Image block

The Image block can be used to display different types of media. This documentation gives an overview of the modes that the Image block can operate in and provides copy-pastable examples of images styled in different ways.

Modes

The image block comes with multiple different modes of operation:

Mode – File

Choose an image file from WordPress Media Library, custom URL, upload it or use the Featured image (also works inside the core Query block).

Mode – SVG

Render any SVG image by insert raw SVG content.

Add Tailwind classes to the SVG by using normal block controls, Tailwind classes that are included in raw SVG content do not get detected.

By default the Sanitize option is enabled, which does some basic sanitization so you don’t accidentally XSS yourself when pasting a large unchecked SVG, but it may cause issues with some SVGs so turn it off when you have checked that the contents are not malicious.

Uncheck the Wrap option when you don’t want the <svg> element to be wrapped in an additional element. The Tailwind classes (and other block classes and attributes) you have configured will then be injected directly into the SVG markup that is provided.

Mode – Icon

By switching the Image block to “Icon” mode you can select a SVG icon from available icon packs.

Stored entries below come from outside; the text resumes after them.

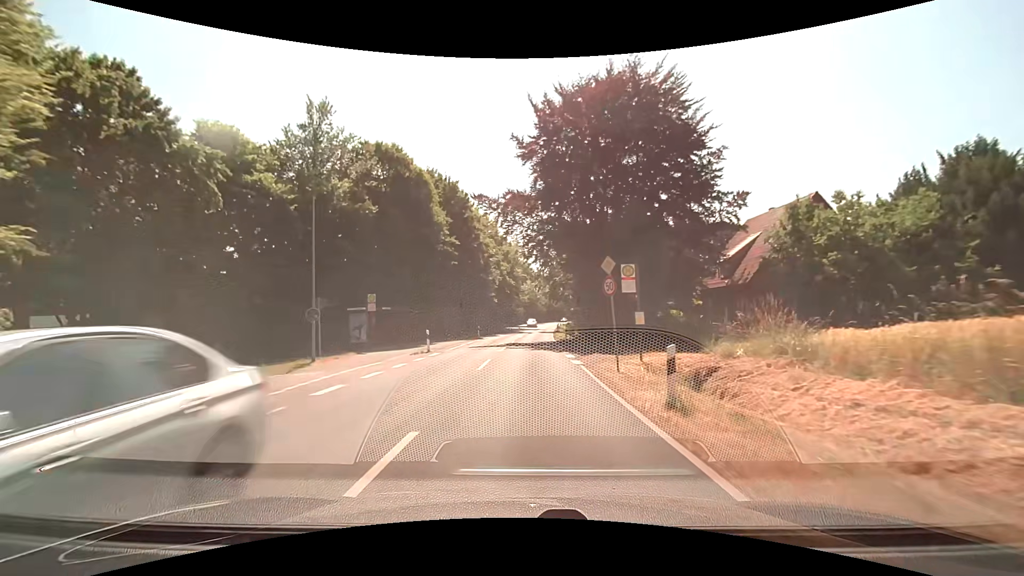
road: secondary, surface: asphalt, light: Day
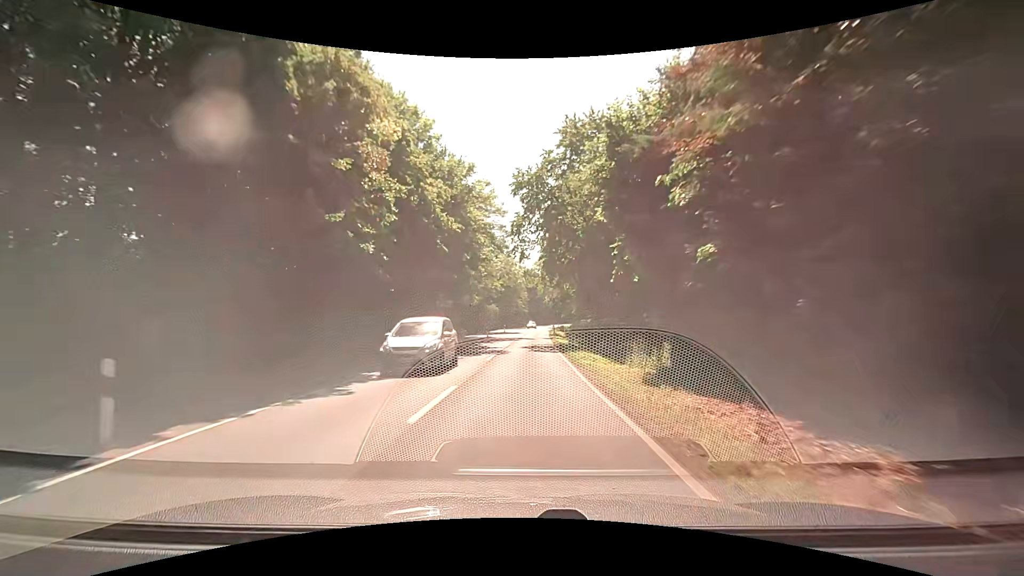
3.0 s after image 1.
(+0.8, +38.9) m; +2°
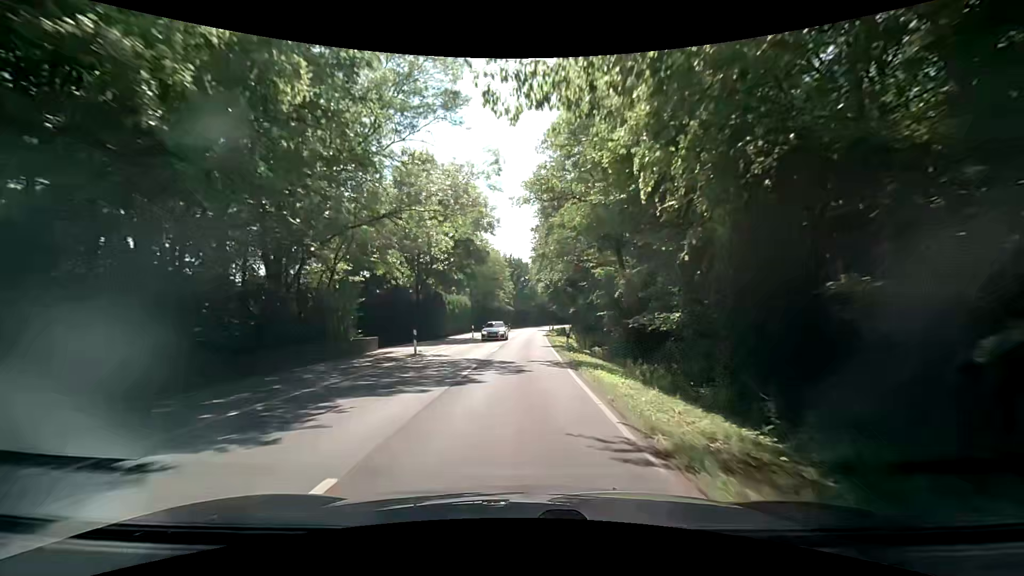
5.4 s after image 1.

Once you have selected an icon you can also switch back to SVG mode to edit your chosen icon. By default the width and height attributes are removed from bundled SVG icons to make them fluid, how ever if that’s not desirable the values can be recovered in the SVG mode from the data-svg-width and data-svg-height attributes. There are instances where you need the dimensions, and instances where you don’t, depends on the use case and SVG itself. The Icon mode also always wraps the <svg> element, if that is not desirable you can switch back to SVG mode as well, which has an option to toggle that functionality.

ska-icons plugin

By default ska-blocks doesn’t include any icons to keep the plugin size leaner. Download the ska-icons plugin to add Heroicons icons, Feather icons and Font Awesome icons.

ska-icons.zip

Example icon

Icon from: https://heroicons.com

Custom icons

For a few custom icons it’s easiest to just use the Image block in SVG mode and simply paste the icon file contents.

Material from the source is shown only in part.